■ **WHAT IS EXPECTED**:
Please restate the records below verbatim, omitting every image they hold.

====================

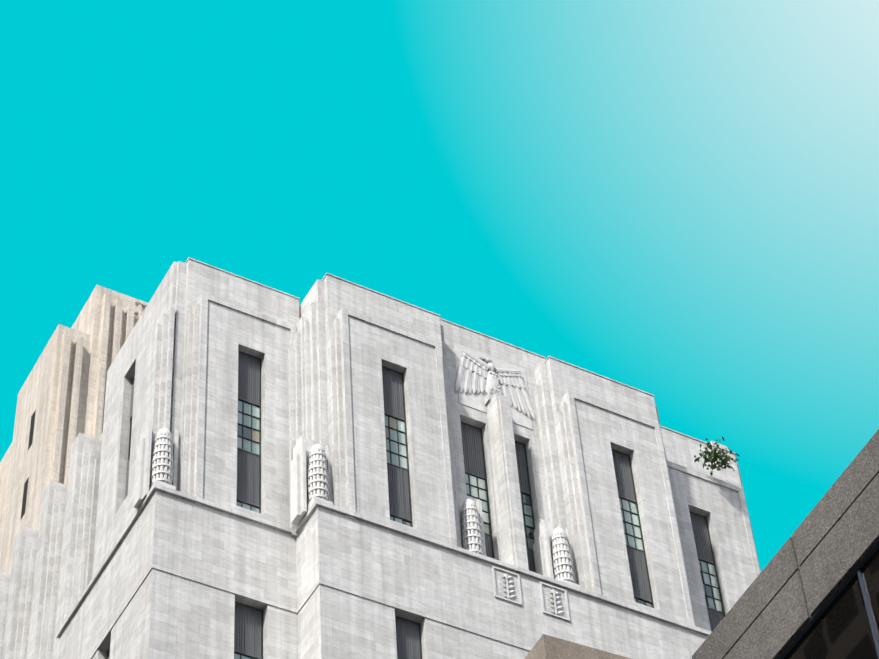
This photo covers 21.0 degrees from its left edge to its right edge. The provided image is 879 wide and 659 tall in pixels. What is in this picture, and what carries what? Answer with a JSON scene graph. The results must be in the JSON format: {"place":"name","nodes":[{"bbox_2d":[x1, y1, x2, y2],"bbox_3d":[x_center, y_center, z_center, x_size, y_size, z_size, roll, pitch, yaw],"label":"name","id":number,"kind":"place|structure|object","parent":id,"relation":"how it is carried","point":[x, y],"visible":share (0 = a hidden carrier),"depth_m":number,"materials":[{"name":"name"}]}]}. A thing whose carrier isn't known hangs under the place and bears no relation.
{"place":"outdoors","nodes":[
{"label":"outdoors","id":0,"kind":"place"},
{"bbox_2d":[0,285,147,574],"bbox_3d":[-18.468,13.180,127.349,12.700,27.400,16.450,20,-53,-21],"label":"cream tower","id":1,"kind":"structure","parent":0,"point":[62,392],"depth_m":125.61,"materials":[{"name":"stone"}]},
{"bbox_2d":[21,410,35,518],"bbox_3d":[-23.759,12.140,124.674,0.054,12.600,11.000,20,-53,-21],"label":"windows","id":2,"kind":"structure","parent":1,"relation":"attached to","point":[26,482],"depth_m":122.64,"materials":[{"name":"black glass"}]},
{"bbox_2d":[0,259,760,658],"bbox_3d":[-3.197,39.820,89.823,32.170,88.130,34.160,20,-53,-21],"label":"building facade","id":3,"kind":"structure","parent":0,"point":[100,565],"depth_m":103.01,"materials":[{"name":"white stone"}]},
{"bbox_2d":[133,343,579,621],"bbox_3d":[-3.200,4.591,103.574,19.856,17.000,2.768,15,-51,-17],"label":"sculptures","id":4,"kind":"object","parent":3,"relation":"on","point":[480,377],"visible":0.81,"depth_m":101.35},
{"bbox_2d":[107,351,724,658],"bbox_3d":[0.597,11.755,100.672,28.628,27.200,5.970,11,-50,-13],"label":"windows","id":5,"kind":"structure","parent":3,"relation":"attached to","point":[248,631],"depth_m":104.33,"materials":[{"name":"grey glass"}]},
{"bbox_2d":[185,257,734,453],"bbox_3d":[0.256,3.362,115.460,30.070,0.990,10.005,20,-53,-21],"label":"parapet coping","id":6,"kind":"object","parent":3,"relation":"on","point":[454,324],"visible":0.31,"depth_m":112.82,"materials":[{"name":"stone"}]},
{"bbox_2d":[694,436,739,475],"bbox_3d":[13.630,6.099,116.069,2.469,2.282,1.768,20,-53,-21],"label":"roof shrub","id":7,"kind":"object","parent":3,"relation":"on","point":[714,454],"visible":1,"depth_m":115.62,"materials":[{"name":"green plant"}]},
{"bbox_2d":[0,0,878,571],"label":"sky","id":8,"kind":"structure","parent":0,"point":[676,202],"materials":[{"name":"teal"}]},
{"bbox_2d":[525,429,878,658],"bbox_3d":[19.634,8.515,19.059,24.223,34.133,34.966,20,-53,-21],"label":"granite building","id":9,"kind":"structure","parent":0,"point":[825,548],"depth_m":30.28,"materials":[{"name":"grey stone"}]},
{"bbox_2d":[776,539,878,658],"bbox_3d":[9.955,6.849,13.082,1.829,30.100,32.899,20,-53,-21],"label":"granite building mullions","id":10,"kind":"object","parent":9,"relation":"attached to","point":[831,598],"visible":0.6,"depth_m":29.59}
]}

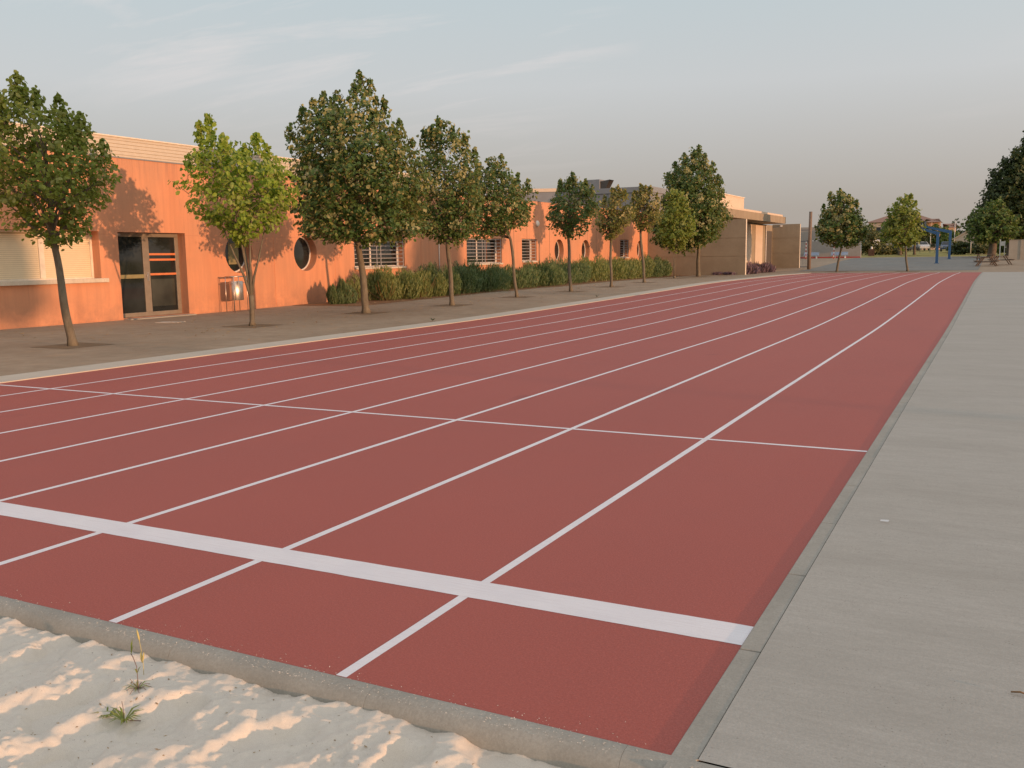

====================

■ **OUTPUT FOR THIS EXERCISE**:
This photo covers 21.0 degrees from its left edge to its right edge. The provided image is 879 wide and 659 tall in pixels. What is in this picture, and what carries what? Answer with a JSON scene graph. The results must be in the JSON format: {"place":"name","nodes":[{"bbox_2d":[x1, y1, x2, y2],"bbox_3d":[x_center, y_center, z_center, x_size, y_size, z_size, roll, pitch, yaw],"label":"name","id":number,"kind":"place|structure|object","parent":id,"relation":"how it is carried","point":[x, y],"visible":share (0 = a hidden carrier),"depth_m":number,"materials":[{"name":"name"}]}]}. A thing whose carrier isn't known hangs under the place and bears no relation.
{"place":"outdoors","nodes":[
{"label":"outdoors","id":0,"kind":"place"},
{"bbox_2d":[0,285,147,574],"bbox_3d":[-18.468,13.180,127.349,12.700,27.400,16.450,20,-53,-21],"label":"cream tower","id":1,"kind":"structure","parent":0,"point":[62,392],"depth_m":125.61,"materials":[{"name":"stone"}]},
{"bbox_2d":[21,410,35,518],"bbox_3d":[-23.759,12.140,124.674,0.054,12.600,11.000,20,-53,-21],"label":"windows","id":2,"kind":"structure","parent":1,"relation":"attached to","point":[26,482],"depth_m":122.64,"materials":[{"name":"black glass"}]},
{"bbox_2d":[0,259,760,658],"bbox_3d":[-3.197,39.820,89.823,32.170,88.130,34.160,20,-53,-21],"label":"building facade","id":3,"kind":"structure","parent":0,"point":[100,565],"depth_m":103.01,"materials":[{"name":"white stone"}]},
{"bbox_2d":[133,343,579,621],"bbox_3d":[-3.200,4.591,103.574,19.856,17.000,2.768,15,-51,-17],"label":"sculptures","id":4,"kind":"object","parent":3,"relation":"on","point":[480,377],"visible":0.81,"depth_m":101.35},
{"bbox_2d":[107,351,724,658],"bbox_3d":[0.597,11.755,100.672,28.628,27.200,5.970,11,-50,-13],"label":"windows","id":5,"kind":"structure","parent":3,"relation":"attached to","point":[248,631],"depth_m":104.33,"materials":[{"name":"grey glass"}]},
{"bbox_2d":[185,257,734,453],"bbox_3d":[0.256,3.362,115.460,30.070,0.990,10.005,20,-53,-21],"label":"parapet coping","id":6,"kind":"object","parent":3,"relation":"on","point":[454,324],"visible":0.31,"depth_m":112.82,"materials":[{"name":"stone"}]},
{"bbox_2d":[694,436,739,475],"bbox_3d":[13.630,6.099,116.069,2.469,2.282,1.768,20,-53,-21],"label":"roof shrub","id":7,"kind":"object","parent":3,"relation":"on","point":[714,454],"visible":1,"depth_m":115.62,"materials":[{"name":"green plant"}]},
{"bbox_2d":[0,0,878,571],"label":"sky","id":8,"kind":"structure","parent":0,"point":[676,202],"materials":[{"name":"teal"}]},
{"bbox_2d":[525,429,878,658],"bbox_3d":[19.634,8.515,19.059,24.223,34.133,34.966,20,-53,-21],"label":"granite building","id":9,"kind":"structure","parent":0,"point":[825,548],"depth_m":30.28,"materials":[{"name":"grey stone"}]},
{"bbox_2d":[776,539,878,658],"bbox_3d":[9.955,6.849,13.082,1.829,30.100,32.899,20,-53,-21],"label":"granite building mullions","id":10,"kind":"object","parent":9,"relation":"attached to","point":[831,598],"visible":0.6,"depth_m":29.59}
]}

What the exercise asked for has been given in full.